The Canary Islands are archipelagos in the Atlantic Ocean to the west of Morocco, associated with Spain. In terms of local government, the Canary Islands were accepted as an autonomous community of the Canary Islands by a law that came into force on August 2, 1982.
Where is La Palma volcano?
La from the Canary Islands group in southwestern Spain It was reported that the seismic activity of the Cumbre Vieja volcano, which had been active for 85 days on the island of Palma, had ceased. Authorities announced that the Cumbre Vieja volcano has not erupted or poured lava for 10 days. What time of year can you visit the Canary Islands?
On the other hand, the Canaries have a subtropical semi-arid climate. Given the climate of the Canary Islands, the best time to visit is spring and autumn. Especially if you are going to travel around the country and not just the islands, the best time is Autumn.
How to get from Turkey to the Canary Islands?
Unfortunately, there is no direct flight from Turkey to the Canary Islands. You need to fly to Madrid or Barcelona with Turkish Airlines or Pegasus and transfer from there with one of the local airlines.

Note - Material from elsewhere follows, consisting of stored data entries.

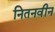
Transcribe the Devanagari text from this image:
नितनवीन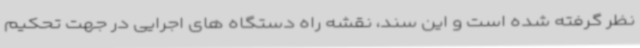
نظر گرفته شده است و این سند، نقشه راه دستگاه های اجرایی در جهت تحکیم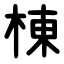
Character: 棟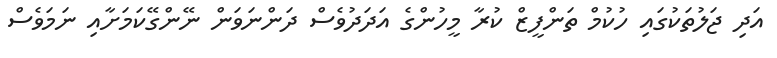
އަދި ޖަލުތަކުގައި ހުކުމް ތަންފީޒް ކުރާ މީހުންގެ އަދަދުވެސް ދަންނަވަން ނޭންގޭކަމަށާއި ނަމަވެސް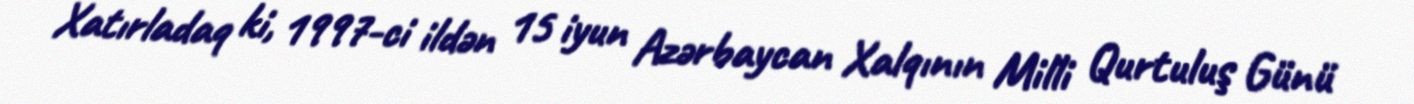
Xatırladaq ki, 1997-ci ildən 15 iyun Azərbaycan Xalqının Milli Qurtuluş Günü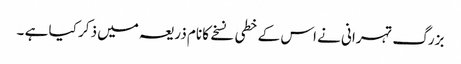
بزرگ تہرانی نے اس کے خطی نسخے کا نام ذریعہ میں ذکر کیا ہے ۔

In which country is La Palma located?
Lava flow continues from 5 mouths and 10 different branches of the Cumbre Vieja volcano, which has been active since September 19 on the island of La Palma, a group of Canary Islands in southwestern Spain.
Where to go in the Canary Islands?
Places to visit in the Canary Islands
Teide National Park Auditorio de Tenerife. Loro Park. Puerto de la Cruz. Are the beaches of Tenerife Canary Islands expensive?
Is the Canary Islands an expensive region? Average prices in the Canary Islands are higher than in Turkey. For shopping in the Canary Islands, you will have to pay 1.68 times more than in Turkey.
Does Fuerteventura require a visa?
Canary Islands: holders of diplomatic, service and special passports, provided that they do not exceed ninety days within a period of six months, are exempted from a visa when traveling to the aforementioned country. Ordinary passport holders require a visa.
Whose island is La Palma?
This is the fifth largest island in the Canary Islands. The total population is 86,000 people. Of these, 18,000 live in the capital of Santa Cruz de la Palma and about 20,000 in Los Llanos de Aridana. La Palma has the status of a sister city of California’s El Dorado Hills.
La Palma volcano extinct?
The volcano nightmare on the Spanish island of La Palma is over.